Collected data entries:
# # # # # # #
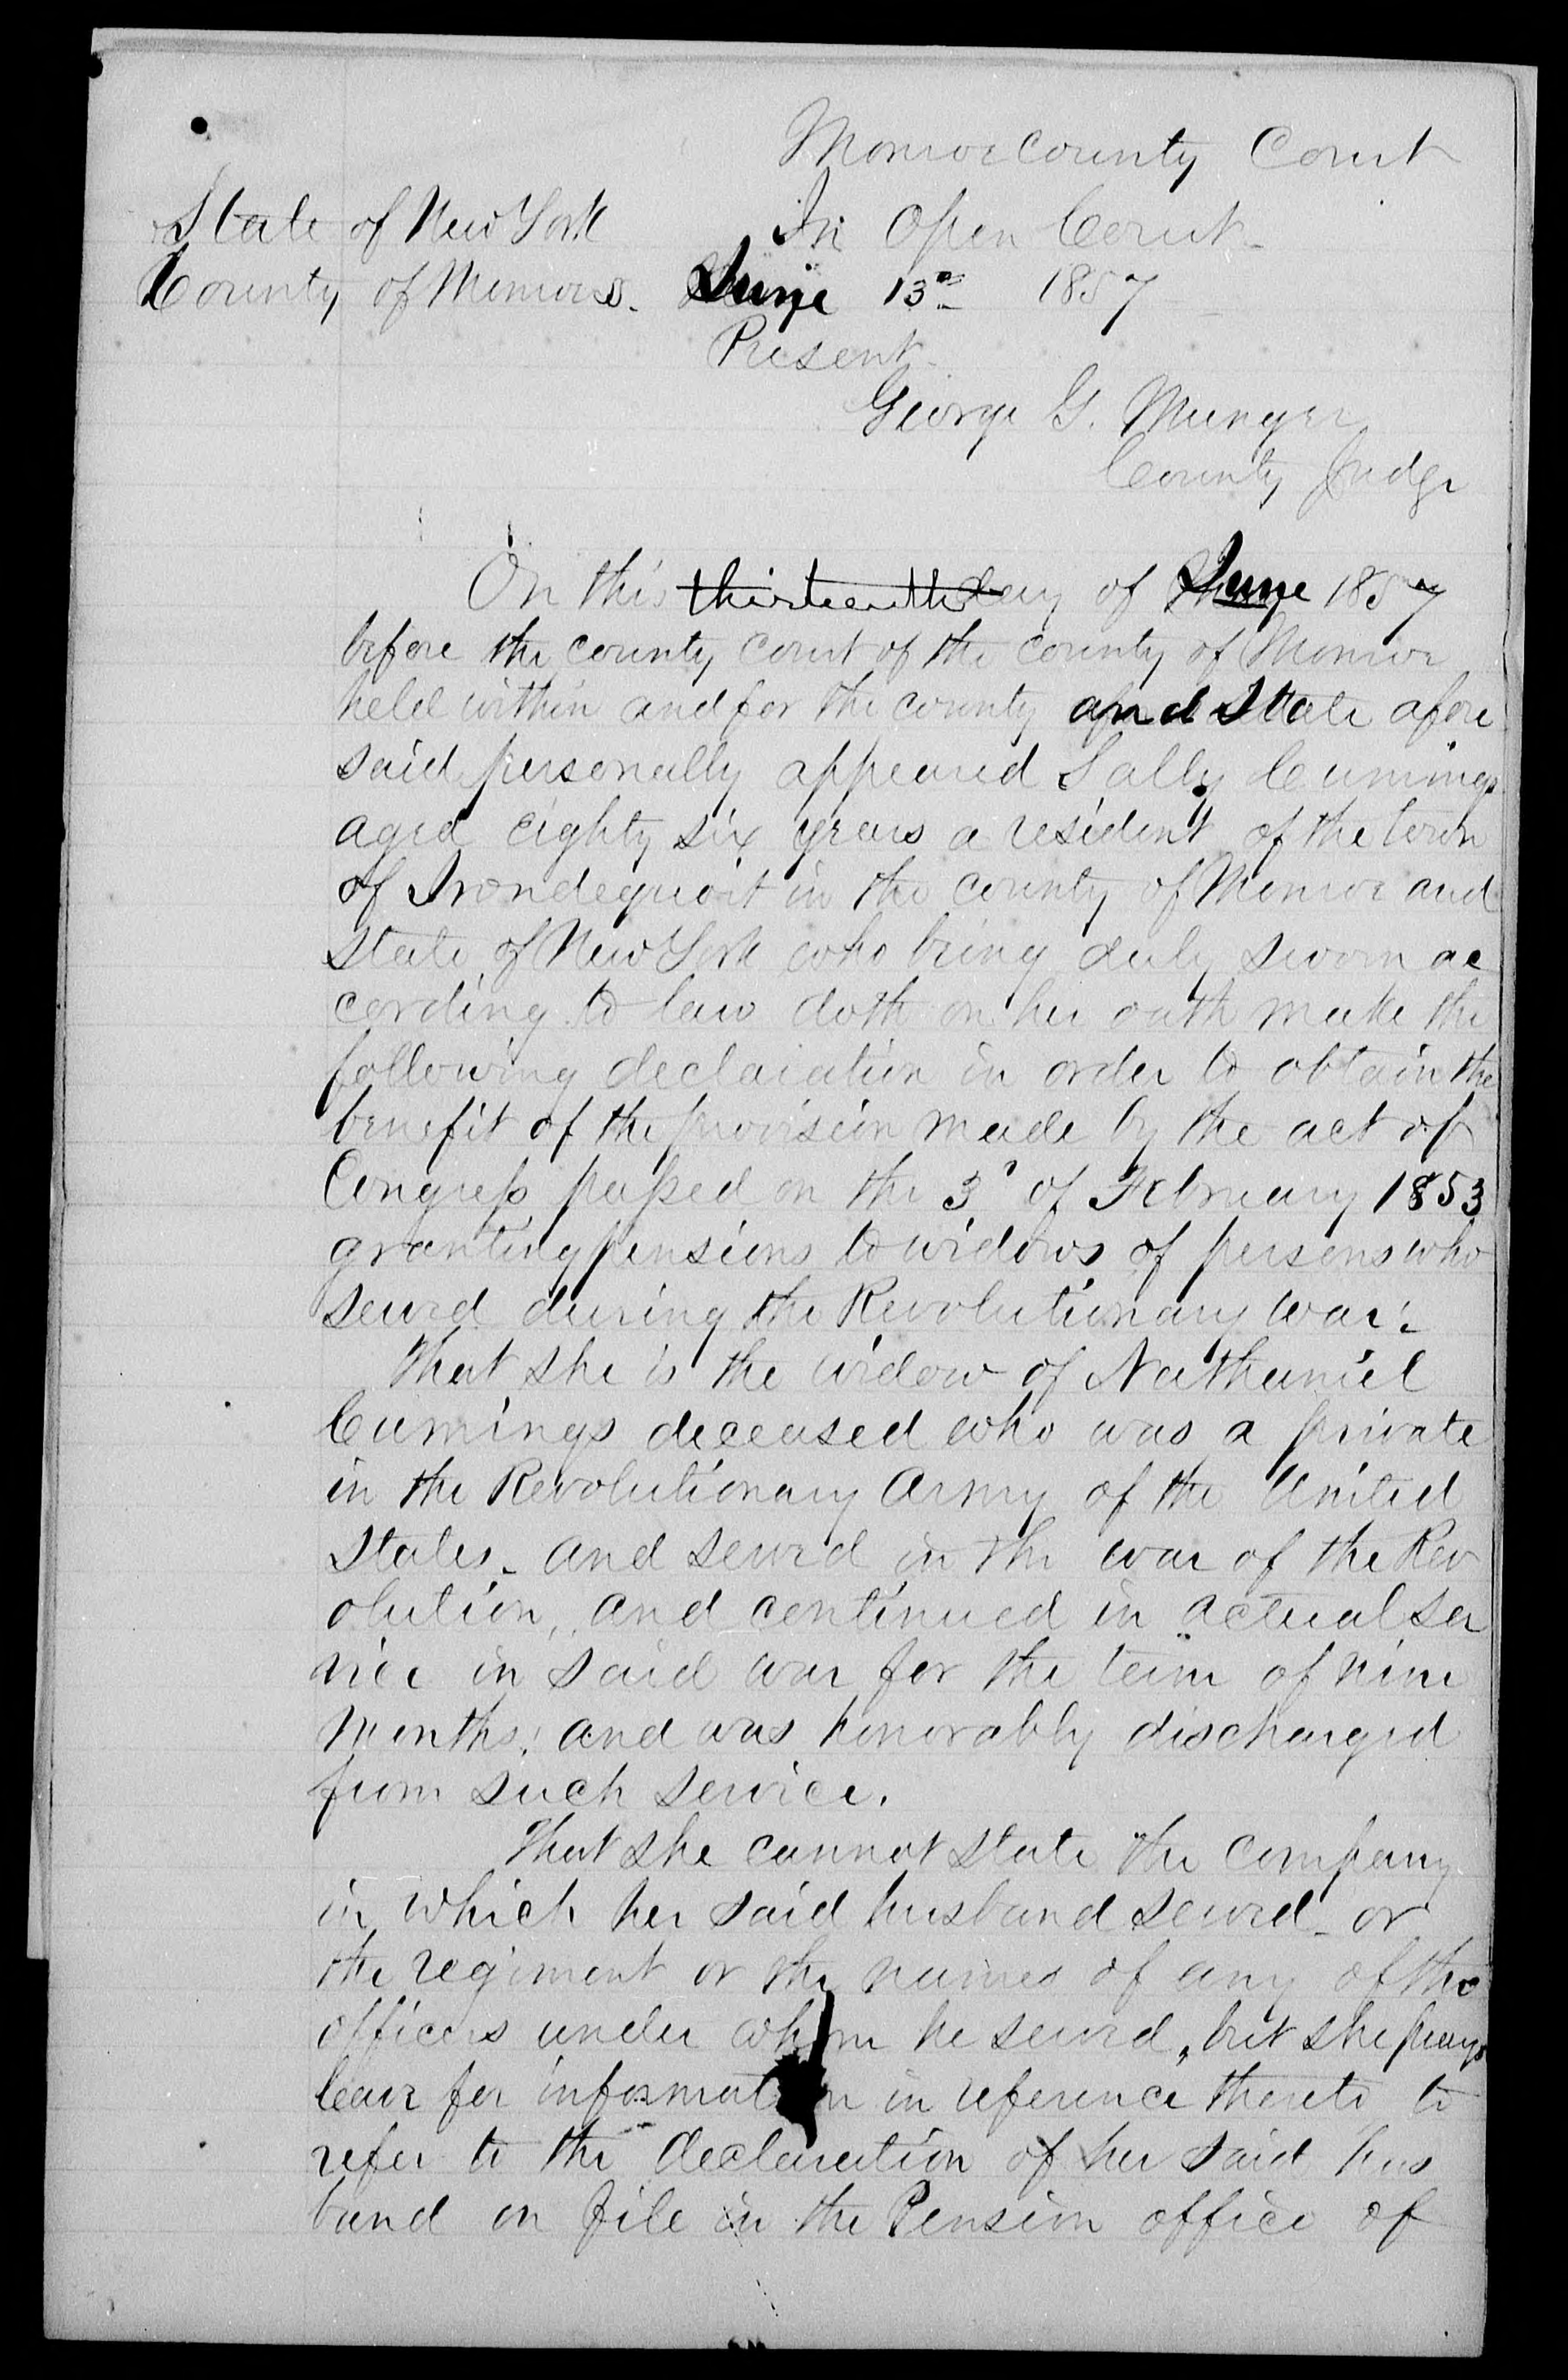New York
of Monroe
Monroe County Court
In Open Court
June 13th 1857
Present
George G. Munger
County Judge
On this thirteenth day of June 1857
before the County Court of the County of Monroe
held within and for the County and State afore
said personally appeared Sally Cumings
aged Eighty-six years a resident of the town of
Irondequoit in the County of Monroe and
State of New York who being duly sworn ac
cording to law doth on her oath make the
following declaration in order to obtain the
benefit of the provision made by the act of ┃
Congress passed on the 3d of February 1853
granting pensions to widows of persons who 
served during the Revolutionary war:
that she is the widow of Nathaniel
Cumings deceased who was a private 
in the Revolutionary Army of the United States
, and served in the war of the Rev
solution, and continued in actual 
one in said war for the term of nine
months; and was honorably discharged
from such service.
That she cannot state the company
in which her said husband served or
the regiment or the names of any of the 
officers under whom he served, but she prays
leave for information in reference thereto to
refer to the declaration of her said husband
 on file in the Pension office of

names: Nathaniel Cumings, George G Munger, Sally Cumings
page: 17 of 41
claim: widow's
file: W. 9819, Nathaniel Cumings, Vt.
# # # # # # #
WHAT YOU HAVE TO DO: Could the entries above be written out word for word, pictures excluded?

ANSWER TO THE PROBLEM:
New York
of Monroe
Monroe County Court
In Open Court
June 13th 1857
Present
George G. Munger
County Judge
On this thirteenth day of June 1857
before the County Court of the County of Monroe
held within and for the County and State afore
said personally appeared Sally Cumings
aged Eighty-six years a resident of the town of
Irondequoit in the County of Monroe and
State of New York who being duly sworn ac
cording to law doth on her oath make the
following declaration in order to obtain the
benefit of the provision made by the act of ┃
Congress passed on the 3d of February 1853
granting pensions to widows of persons who 
served during the Revolutionary war:
that she is the widow of Nathaniel
Cumings deceased who was a private 
in the Revolutionary Army of the United States
, and served in the war of the Rev
solution, and continued in actual 
one in said war for the term of nine
months; and was honorably discharged
from such service.
That she cannot state the company
in which her said husband served or
the regiment or the names of any of the 
officers under whom he served, but she prays
leave for information in reference thereto to
refer to the declaration of her said husband
 on file in the Pension office of

names: Nathaniel Cumings, George G Munger, Sally Cumings
page: 17 of 41
claim: widow's
file: W. 9819, Nathaniel Cumings, Vt.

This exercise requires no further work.